What is needed
Only one stretch of the data is wanted: the line containing "Health status: healthy", the line containing "This is a near-infrared", and every line between them, copied exactly.

Start of Dataset records

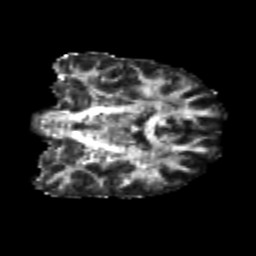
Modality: FA
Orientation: coronal
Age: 22
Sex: male
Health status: healthy
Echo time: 0.074 s
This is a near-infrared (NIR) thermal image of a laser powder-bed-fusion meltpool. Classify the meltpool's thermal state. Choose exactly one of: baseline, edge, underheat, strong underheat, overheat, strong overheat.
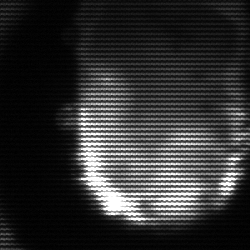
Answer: baseline
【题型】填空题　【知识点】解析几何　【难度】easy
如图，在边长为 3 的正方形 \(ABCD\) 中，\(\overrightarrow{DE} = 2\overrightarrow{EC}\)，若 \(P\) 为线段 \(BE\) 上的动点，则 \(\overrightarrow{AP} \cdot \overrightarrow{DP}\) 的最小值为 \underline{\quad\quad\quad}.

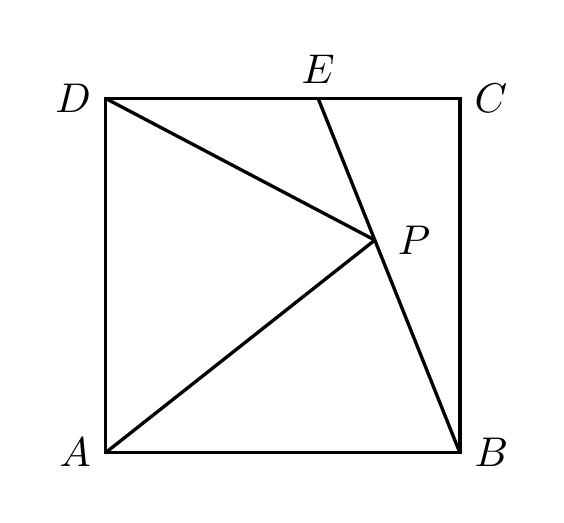
【解答】
【答案】\(\dfrac{27}{8}\)

【分析】建立平面直角坐标系，利用坐标运算求得最值.

【详解】解：在正方形中，建立如图所示坐标系，

由正方形边长为 3 且 \(\overrightarrow{DE} = 2\overrightarrow{EC}\)，

可得 \(A(0,0)\)，\(B(3,0)\)，\(D(0,3)\)，\(E(2,3)\)，

设 \(\overrightarrow{BP} = \lambda \overrightarrow{BE} = (-\lambda, 3\lambda)\)，\(\lambda \in [0,1]\)，则 \(P(3-\lambda, 3\lambda)\)，

则 \(\overrightarrow{AP} = (3-\lambda, 3\lambda)\)，\(\overrightarrow{DP} = (3-\lambda, 3\lambda-3)\)，

故 \(\overrightarrow{AP} \cdot \overrightarrow{DP} = (3-\lambda)^2 + 3\lambda(3\lambda-3) = 10\lambda^2 - 15\lambda + 9 = 10\left(\lambda - \dfrac{3}{4}\right)^2 + \dfrac{27}{8}\)，

故当 \(\lambda = \dfrac{3}{4}\) 时，\(\overrightarrow{AP} \cdot \overrightarrow{DP}\) 取得最小值为 \(\dfrac{27}{8}\).

故答案为：\(\dfrac{27}{8}\).
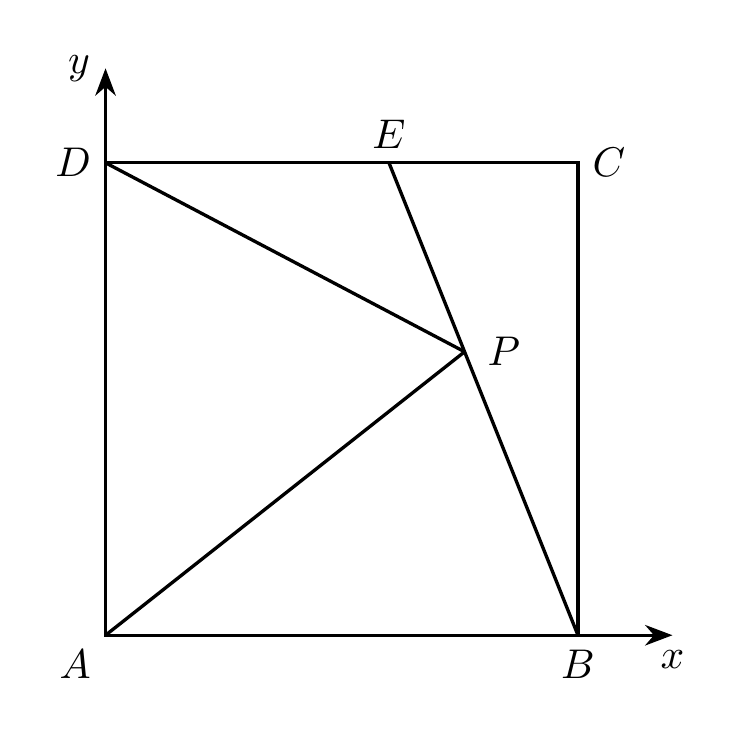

End of Dataset records

Answer space
Health status: healthy
Echo time: 0.074 s
This is a near-infrared (NIR) thermal image of a laser powder-bed-fusion meltpool. Classify the meltpool's thermal state. Choose exactly one of: baseline, edge, underheat, strong underheat, overheat, strong overheat.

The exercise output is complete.